(Extracted records)
• • • • • • •
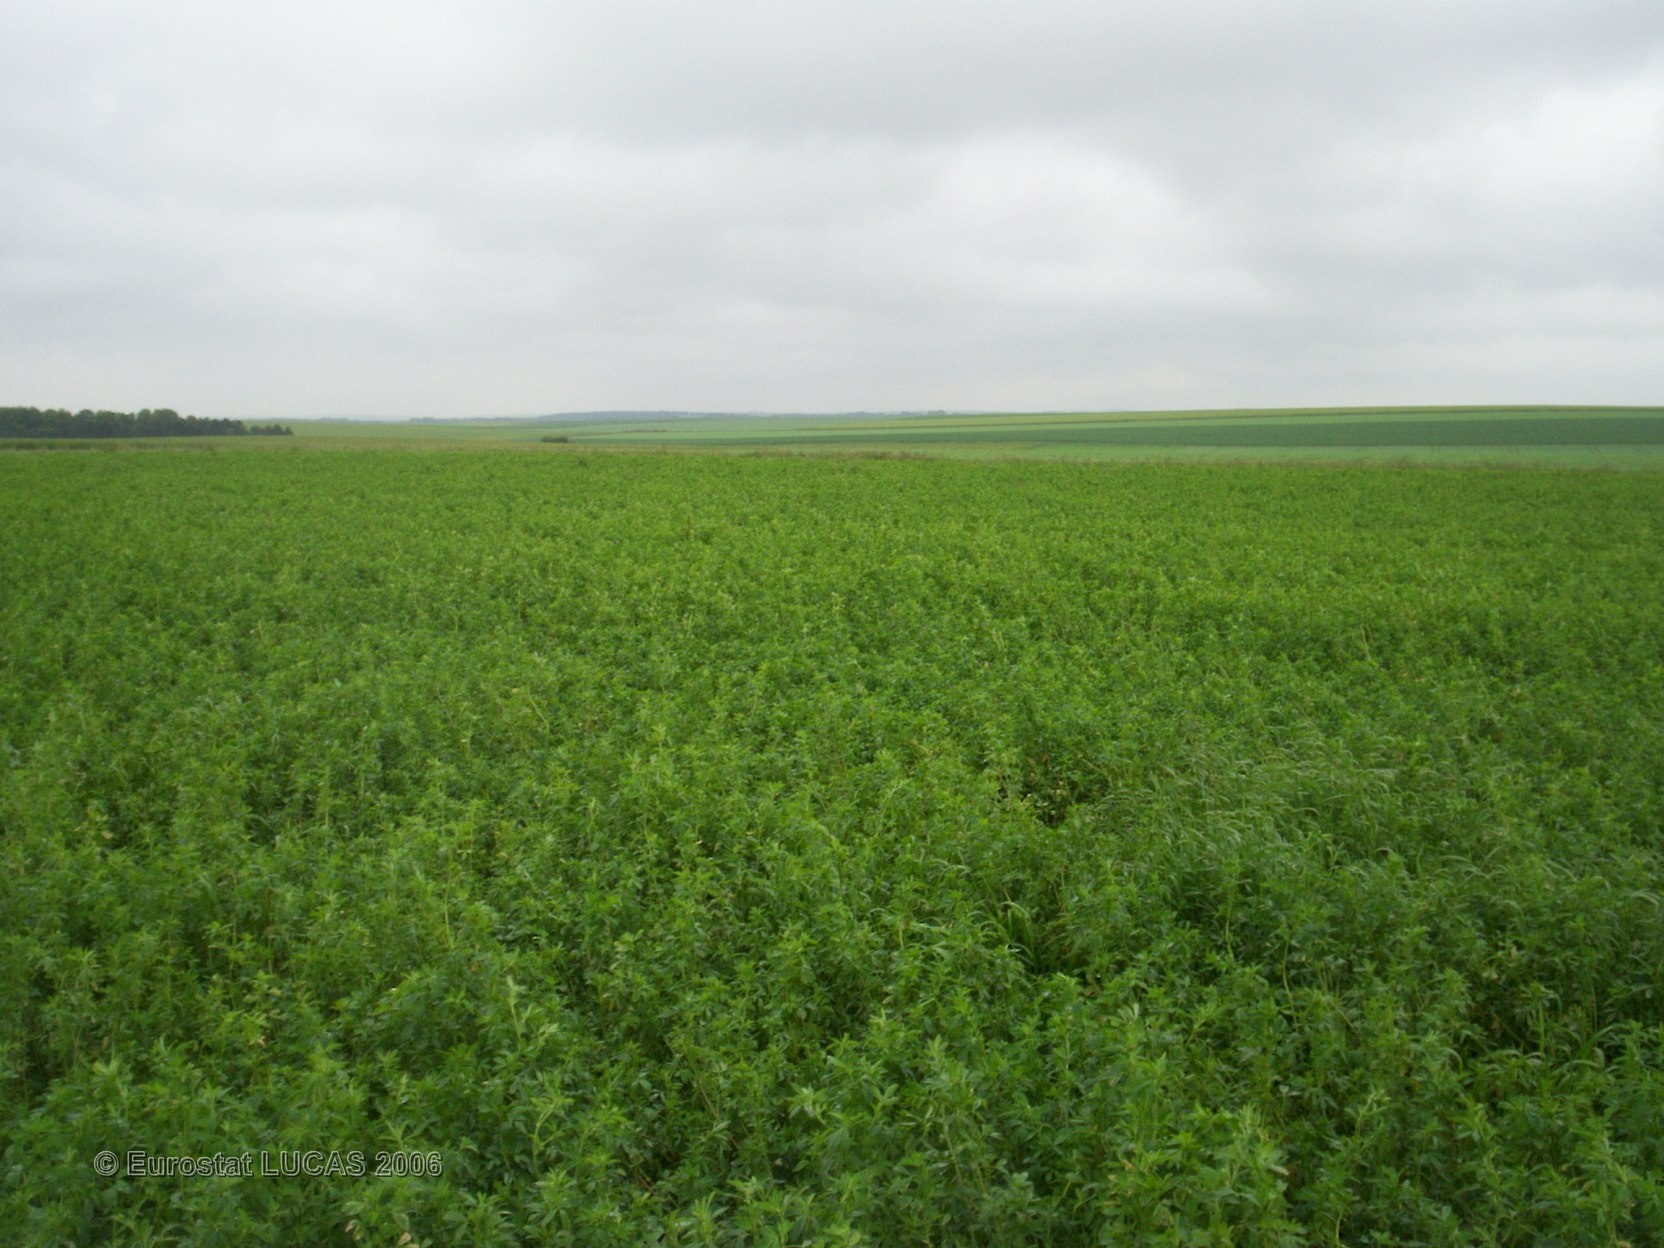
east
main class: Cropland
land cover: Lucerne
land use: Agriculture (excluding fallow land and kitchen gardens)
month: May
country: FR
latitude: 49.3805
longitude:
• • • • • • •
EXERCISE DESCRIPTION. Every record, word for word, should be given back without its pictures.

ANSWER AREA.
east
main class: Cropland
land cover: Lucerne
land use: Agriculture (excluding fallow land and kitchen gardens)
month: May
country: FR
latitude: 49.3805
longitude:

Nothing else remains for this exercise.